> **Your task**:
Pull every line from the records that has the word "グループ" in it.

> **Records to process**:
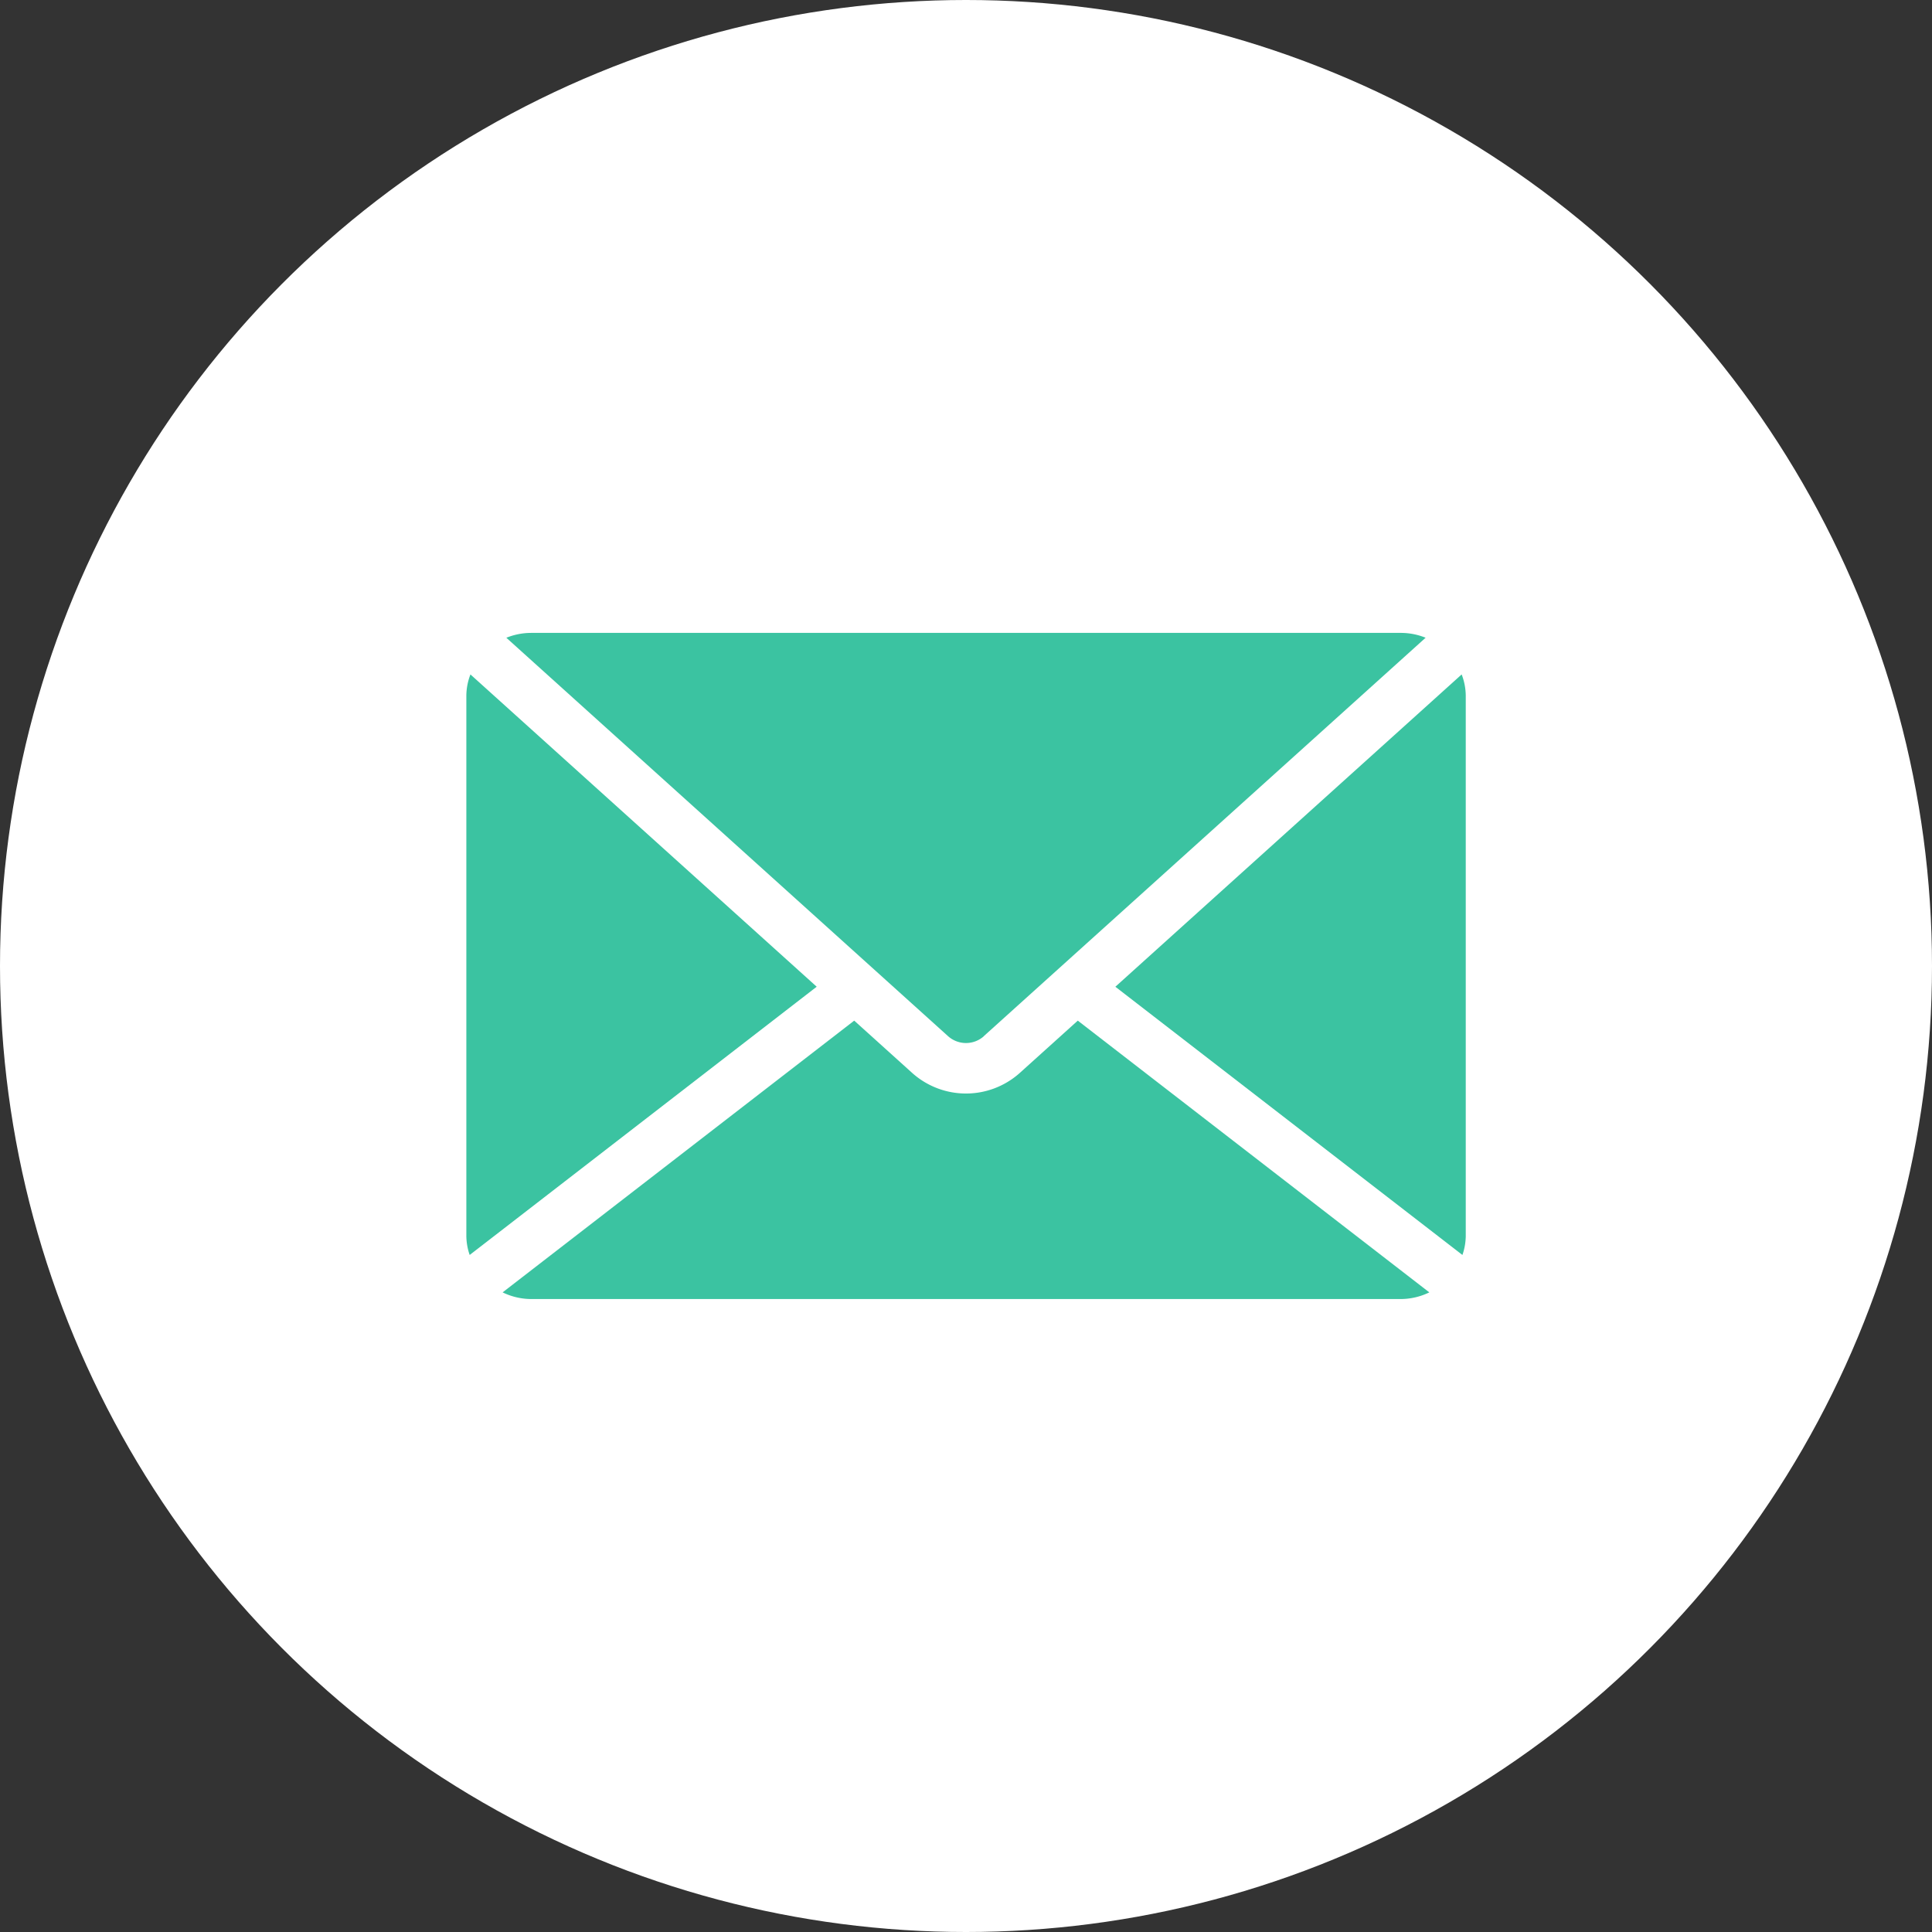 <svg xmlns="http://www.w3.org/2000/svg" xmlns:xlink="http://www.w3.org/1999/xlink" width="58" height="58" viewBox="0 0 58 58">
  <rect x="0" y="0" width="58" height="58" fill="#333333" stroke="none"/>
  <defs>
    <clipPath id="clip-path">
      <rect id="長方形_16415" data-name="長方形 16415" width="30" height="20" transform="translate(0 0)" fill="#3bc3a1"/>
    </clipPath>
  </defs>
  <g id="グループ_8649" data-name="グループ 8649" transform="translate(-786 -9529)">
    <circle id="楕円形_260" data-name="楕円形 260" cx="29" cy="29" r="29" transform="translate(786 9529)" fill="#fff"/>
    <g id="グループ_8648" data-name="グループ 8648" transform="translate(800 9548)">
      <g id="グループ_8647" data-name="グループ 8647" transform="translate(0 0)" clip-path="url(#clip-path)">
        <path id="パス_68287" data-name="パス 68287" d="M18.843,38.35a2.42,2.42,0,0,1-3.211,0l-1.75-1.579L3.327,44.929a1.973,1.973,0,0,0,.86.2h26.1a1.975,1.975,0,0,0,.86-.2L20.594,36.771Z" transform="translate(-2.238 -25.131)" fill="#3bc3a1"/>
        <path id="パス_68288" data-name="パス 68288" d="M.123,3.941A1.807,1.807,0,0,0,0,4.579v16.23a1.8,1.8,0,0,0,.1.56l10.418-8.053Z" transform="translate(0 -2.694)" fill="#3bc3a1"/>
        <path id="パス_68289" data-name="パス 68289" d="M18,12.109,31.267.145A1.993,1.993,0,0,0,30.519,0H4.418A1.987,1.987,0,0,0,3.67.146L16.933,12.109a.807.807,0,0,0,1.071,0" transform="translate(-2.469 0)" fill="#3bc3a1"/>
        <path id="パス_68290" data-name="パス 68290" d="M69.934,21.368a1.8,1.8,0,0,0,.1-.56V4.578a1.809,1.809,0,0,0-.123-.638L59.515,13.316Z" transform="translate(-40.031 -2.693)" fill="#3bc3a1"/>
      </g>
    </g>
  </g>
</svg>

> **Output of the task**:
  <g id="グループ_8649" data-name="グループ 8649" transform="translate(-786 -9529)">
    <g id="グループ_8648" data-name="グループ 8648" transform="translate(800 9548)">
      <g id="グループ_8647" data-name="グループ 8647" transform="translate(0 0)" clip-path="url(#clip-path)">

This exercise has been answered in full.